(WHAT YOU HAVE TO DO):
Could you print each entry below verbatim while omitting the pictures?

** Opening GIVEN INFORMATION block **

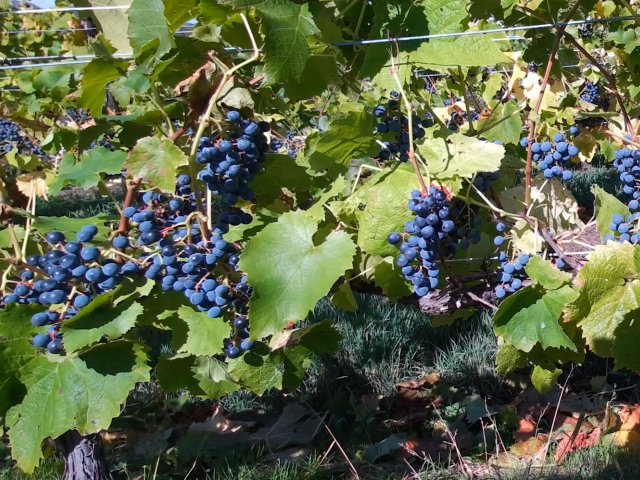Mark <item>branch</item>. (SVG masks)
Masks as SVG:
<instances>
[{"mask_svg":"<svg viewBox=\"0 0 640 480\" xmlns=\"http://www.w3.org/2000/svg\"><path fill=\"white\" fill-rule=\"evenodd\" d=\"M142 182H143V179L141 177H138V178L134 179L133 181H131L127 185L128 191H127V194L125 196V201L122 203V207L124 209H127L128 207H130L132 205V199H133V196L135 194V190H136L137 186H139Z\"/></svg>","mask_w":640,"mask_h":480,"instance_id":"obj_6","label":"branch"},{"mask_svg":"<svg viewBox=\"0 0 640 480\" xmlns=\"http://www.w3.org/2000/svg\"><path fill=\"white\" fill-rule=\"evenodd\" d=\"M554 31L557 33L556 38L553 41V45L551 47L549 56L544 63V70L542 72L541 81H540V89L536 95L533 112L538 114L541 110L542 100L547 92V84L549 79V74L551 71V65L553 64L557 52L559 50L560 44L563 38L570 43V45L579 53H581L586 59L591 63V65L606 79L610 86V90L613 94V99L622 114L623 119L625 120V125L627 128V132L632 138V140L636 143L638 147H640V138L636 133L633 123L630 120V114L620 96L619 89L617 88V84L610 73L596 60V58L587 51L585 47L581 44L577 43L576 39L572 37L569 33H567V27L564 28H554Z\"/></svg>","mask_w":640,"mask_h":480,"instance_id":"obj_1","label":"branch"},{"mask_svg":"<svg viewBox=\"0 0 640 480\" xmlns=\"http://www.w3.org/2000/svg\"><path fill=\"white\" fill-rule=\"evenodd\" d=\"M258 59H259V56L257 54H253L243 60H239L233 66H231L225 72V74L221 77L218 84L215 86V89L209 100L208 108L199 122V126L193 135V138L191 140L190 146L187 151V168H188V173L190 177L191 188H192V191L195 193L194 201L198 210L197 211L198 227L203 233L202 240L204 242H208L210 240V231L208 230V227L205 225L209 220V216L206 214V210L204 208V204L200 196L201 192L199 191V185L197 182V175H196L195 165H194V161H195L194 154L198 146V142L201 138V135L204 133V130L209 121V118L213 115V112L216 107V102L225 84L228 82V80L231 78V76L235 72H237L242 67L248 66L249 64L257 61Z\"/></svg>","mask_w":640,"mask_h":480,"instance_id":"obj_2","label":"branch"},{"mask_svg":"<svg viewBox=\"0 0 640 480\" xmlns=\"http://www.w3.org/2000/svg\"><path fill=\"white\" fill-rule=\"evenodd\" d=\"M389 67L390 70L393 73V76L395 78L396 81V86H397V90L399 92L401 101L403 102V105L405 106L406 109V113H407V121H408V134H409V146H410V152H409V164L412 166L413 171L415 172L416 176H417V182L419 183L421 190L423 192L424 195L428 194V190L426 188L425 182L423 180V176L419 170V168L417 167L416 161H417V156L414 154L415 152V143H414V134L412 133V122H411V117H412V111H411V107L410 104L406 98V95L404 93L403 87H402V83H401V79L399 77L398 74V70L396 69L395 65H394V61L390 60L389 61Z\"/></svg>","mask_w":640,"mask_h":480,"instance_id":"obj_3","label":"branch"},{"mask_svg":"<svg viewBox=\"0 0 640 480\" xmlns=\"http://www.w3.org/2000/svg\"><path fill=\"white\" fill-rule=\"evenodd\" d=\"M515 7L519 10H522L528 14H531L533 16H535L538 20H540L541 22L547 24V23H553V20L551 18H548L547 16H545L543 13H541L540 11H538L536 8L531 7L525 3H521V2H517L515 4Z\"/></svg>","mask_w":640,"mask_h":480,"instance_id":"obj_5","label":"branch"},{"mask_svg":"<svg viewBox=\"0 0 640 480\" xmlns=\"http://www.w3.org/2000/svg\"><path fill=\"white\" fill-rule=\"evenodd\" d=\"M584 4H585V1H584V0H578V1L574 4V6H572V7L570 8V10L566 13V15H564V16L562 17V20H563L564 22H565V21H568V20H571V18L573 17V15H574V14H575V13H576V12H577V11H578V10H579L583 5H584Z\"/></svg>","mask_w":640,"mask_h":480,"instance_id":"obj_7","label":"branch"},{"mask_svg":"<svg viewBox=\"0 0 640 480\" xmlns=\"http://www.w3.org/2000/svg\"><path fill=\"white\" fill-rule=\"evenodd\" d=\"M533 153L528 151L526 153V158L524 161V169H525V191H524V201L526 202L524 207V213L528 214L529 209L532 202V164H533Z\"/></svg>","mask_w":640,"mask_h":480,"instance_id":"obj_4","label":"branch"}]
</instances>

** Closing GIVEN INFORMATION block **

(SOLUTION TO THE PROBLEM):
Mark <item>branch</item>. (SVG masks)
Masks as SVG:
<instances>
[{"mask_svg":"<svg viewBox=\"0 0 640 480\" xmlns=\"http://www.w3.org/2000/svg\"><path fill=\"white\" fill-rule=\"evenodd\" d=\"M142 182H143V179L141 177H138V178L134 179L133 181H131L127 185L128 191H127V194L125 196V201L122 203V207L124 209H127L128 207H130L132 205V199H133V196L135 194V190H136L137 186H139Z\"/></svg>","mask_w":640,"mask_h":480,"instance_id":"obj_6","label":"branch"},{"mask_svg":"<svg viewBox=\"0 0 640 480\" xmlns=\"http://www.w3.org/2000/svg\"><path fill=\"white\" fill-rule=\"evenodd\" d=\"M554 31L557 33L556 38L553 41V45L551 47L549 56L544 63V70L542 72L541 81H540V89L536 95L533 112L538 114L541 110L542 100L547 92V84L549 79V74L551 71V65L553 64L557 52L559 50L560 44L563 38L570 43V45L579 53H581L586 59L591 63V65L606 79L610 86V90L613 94V99L622 114L623 119L625 120V125L627 128V132L632 138V140L636 143L638 147H640V138L636 133L633 123L630 120V114L620 96L619 89L617 88V84L610 73L596 60V58L587 51L585 47L581 44L577 43L576 39L572 37L569 33H567V27L564 28H554Z\"/></svg>","mask_w":640,"mask_h":480,"instance_id":"obj_1","label":"branch"},{"mask_svg":"<svg viewBox=\"0 0 640 480\" xmlns=\"http://www.w3.org/2000/svg\"><path fill=\"white\" fill-rule=\"evenodd\" d=\"M258 59H259V56L257 54H253L243 60H239L233 66H231L225 72V74L221 77L218 84L215 86V89L209 100L208 108L199 122V126L193 135V138L191 140L190 146L187 151V168H188V173L190 177L191 188H192V191L195 193L194 201L198 210L197 211L198 227L203 233L202 240L204 242H208L210 240V231L208 230V227L205 225L209 220V216L206 214V210L204 208V204L200 196L201 192L199 191V185L197 182V175H196L195 165H194V161H195L194 154L198 146V142L201 138V135L204 133V130L209 121V118L213 115V112L216 107V102L225 84L228 82V80L231 78V76L235 72H237L242 67L248 66L249 64L257 61Z\"/></svg>","mask_w":640,"mask_h":480,"instance_id":"obj_2","label":"branch"},{"mask_svg":"<svg viewBox=\"0 0 640 480\" xmlns=\"http://www.w3.org/2000/svg\"><path fill=\"white\" fill-rule=\"evenodd\" d=\"M389 67L390 70L393 73V76L395 78L396 81V86H397V90L399 92L401 101L403 102V105L405 106L406 109V113H407V121H408V134H409V146H410V152H409V164L412 166L413 171L415 172L416 176H417V182L419 183L421 190L423 192L424 195L428 194V190L426 188L425 182L423 180V176L419 170V168L417 167L416 161H417V156L414 154L415 152V143H414V134L412 133V122H411V117H412V111H411V107L410 104L406 98V95L404 93L403 87H402V83H401V79L399 77L398 74V70L396 69L395 65H394V61L390 60L389 61Z\"/></svg>","mask_w":640,"mask_h":480,"instance_id":"obj_3","label":"branch"},{"mask_svg":"<svg viewBox=\"0 0 640 480\" xmlns=\"http://www.w3.org/2000/svg\"><path fill=\"white\" fill-rule=\"evenodd\" d=\"M515 7L519 10H522L528 14H531L533 16H535L538 20H540L541 22L547 24V23H553V20L551 18H548L547 16H545L543 13H541L540 11H538L536 8L531 7L525 3H521V2H517L515 4Z\"/></svg>","mask_w":640,"mask_h":480,"instance_id":"obj_5","label":"branch"},{"mask_svg":"<svg viewBox=\"0 0 640 480\" xmlns=\"http://www.w3.org/2000/svg\"><path fill=\"white\" fill-rule=\"evenodd\" d=\"M584 4H585V1H584V0H578V1L574 4V6H572V7L570 8V10L566 13V15H564V16L562 17V20H563L564 22H565V21H568V20H571V18L573 17V15H574V14H575V13H576V12H577V11H578V10H579L583 5H584Z\"/></svg>","mask_w":640,"mask_h":480,"instance_id":"obj_7","label":"branch"},{"mask_svg":"<svg viewBox=\"0 0 640 480\" xmlns=\"http://www.w3.org/2000/svg\"><path fill=\"white\" fill-rule=\"evenodd\" d=\"M533 153L528 151L526 153V158L524 161V169H525V191H524V201L526 202L524 207V213L528 214L529 209L532 202V164H533Z\"/></svg>","mask_w":640,"mask_h":480,"instance_id":"obj_4","label":"branch"}]
</instances>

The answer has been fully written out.